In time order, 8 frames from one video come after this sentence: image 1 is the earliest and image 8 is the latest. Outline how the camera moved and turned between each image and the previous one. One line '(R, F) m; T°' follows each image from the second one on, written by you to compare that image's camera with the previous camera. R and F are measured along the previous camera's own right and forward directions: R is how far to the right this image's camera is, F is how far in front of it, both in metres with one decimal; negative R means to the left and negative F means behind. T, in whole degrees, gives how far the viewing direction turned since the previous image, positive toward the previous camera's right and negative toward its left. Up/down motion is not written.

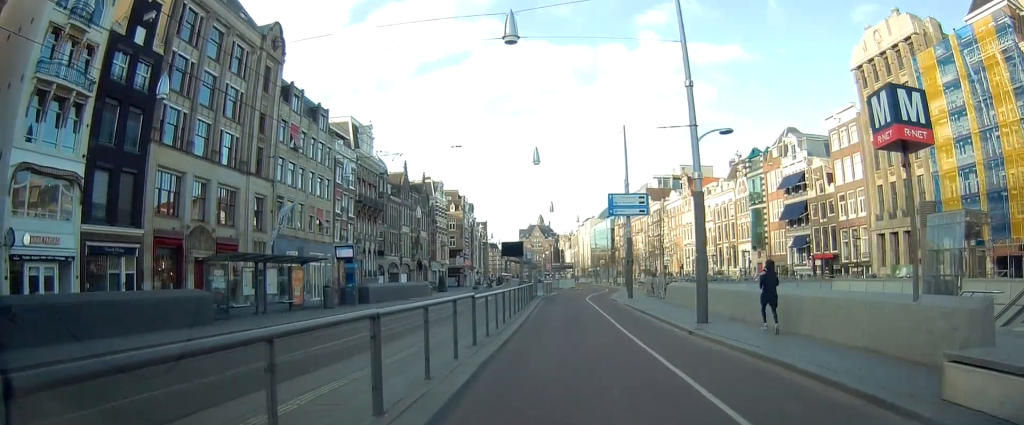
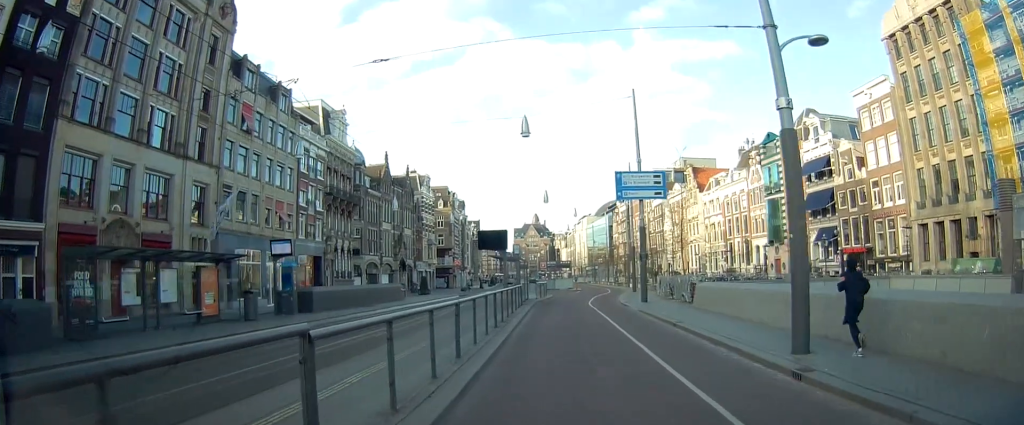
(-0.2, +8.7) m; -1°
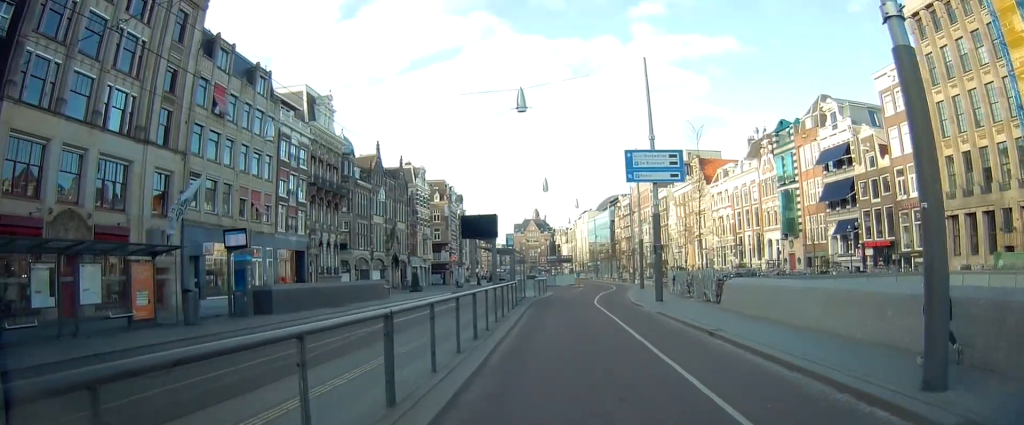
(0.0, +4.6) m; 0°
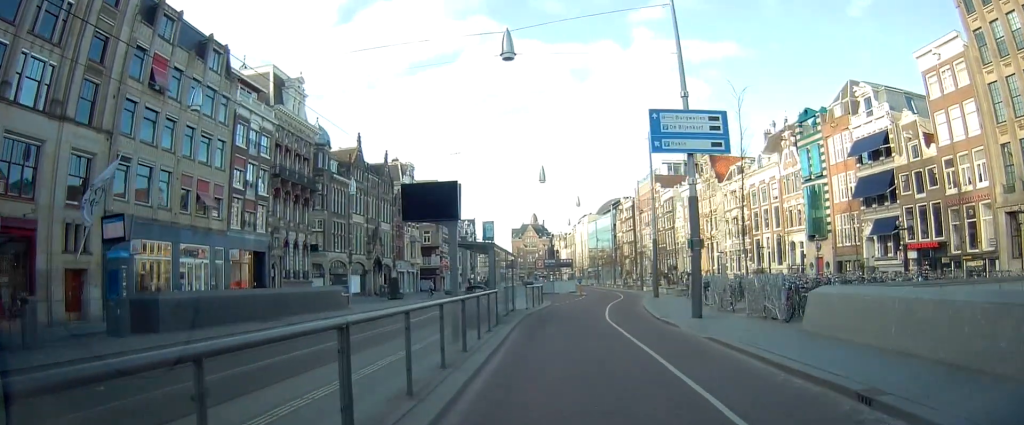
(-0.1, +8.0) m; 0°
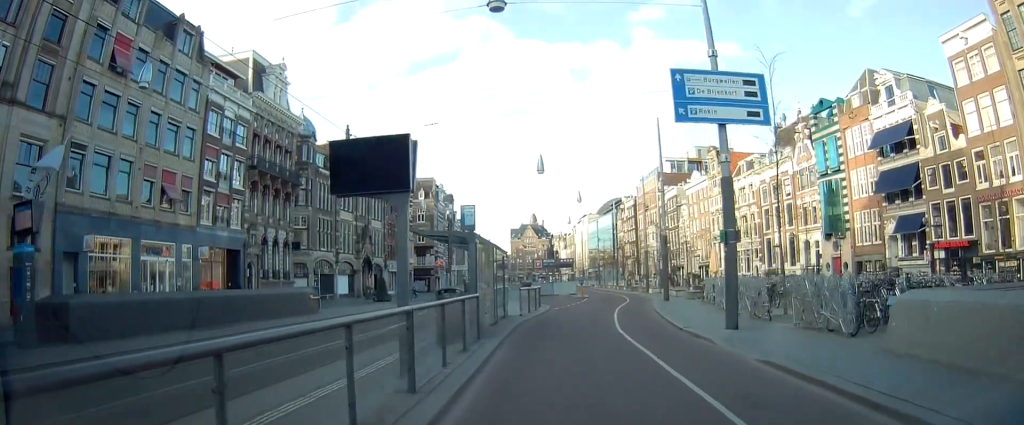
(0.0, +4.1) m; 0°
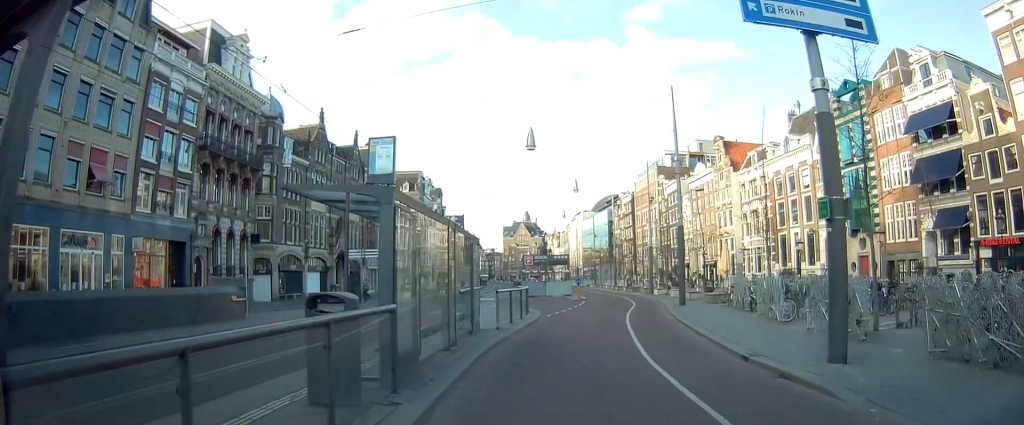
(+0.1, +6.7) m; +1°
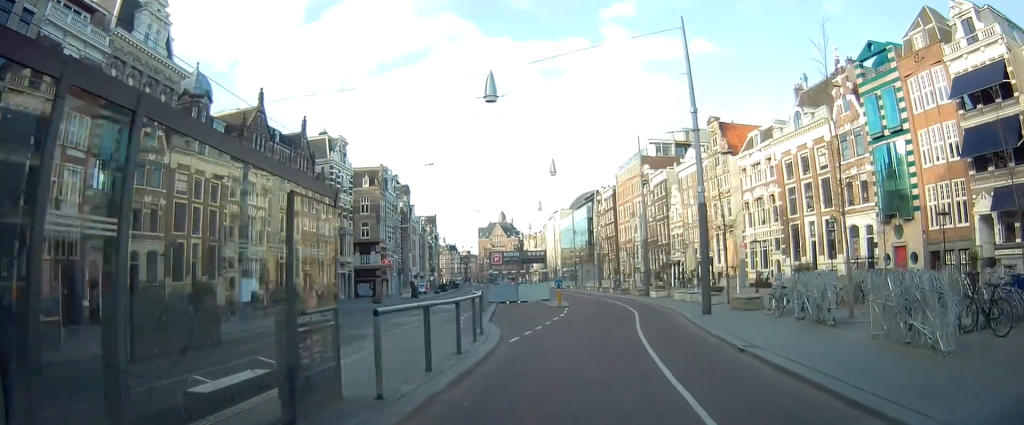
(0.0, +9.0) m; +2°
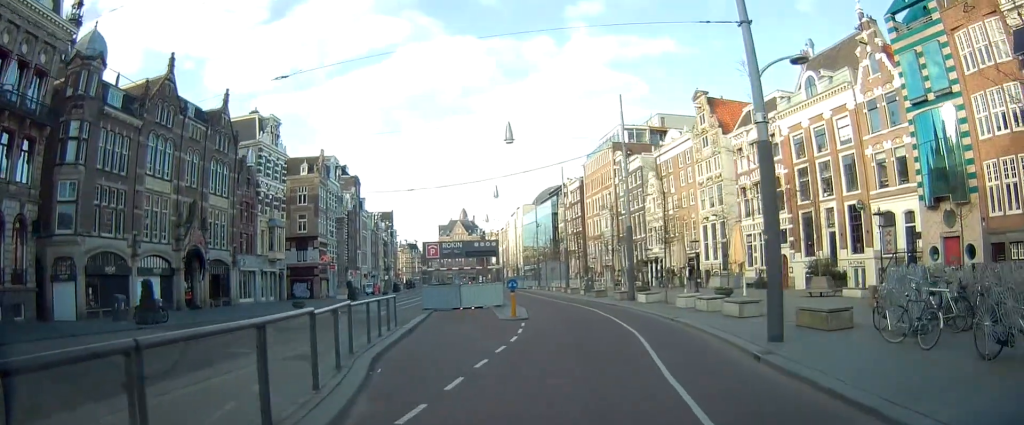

* [Task requirements] Restate each entry word for word. Omit every picture.

* [Written reply]
In time order, 8 frames from one video come after this sentence: image 1 is the earliest and image 8 is the latest. Outline how the camera moved and turned between each image and the previous one. One line '(R, F) m; T°' follows each image from the second one on, written by you to compare that image's camera with the previous camera. R and F are measured along the previous camera's own right and forward directions: R is how far to the right this image's camera is, F is how far in front of it, both in metres with one decimal; negative R means to the left and negative F means behind. T, in whole degrees, gives how far the viewing direction turned since the previous image, positive toward the previous camera's right and negative toward its left. Up/down motion is not written.

(-0.2, +8.7) m; -1°
(0.0, +4.6) m; 0°
(-0.1, +8.0) m; 0°
(0.0, +4.1) m; 0°
(+0.1, +6.7) m; +1°
(0.0, +9.0) m; +2°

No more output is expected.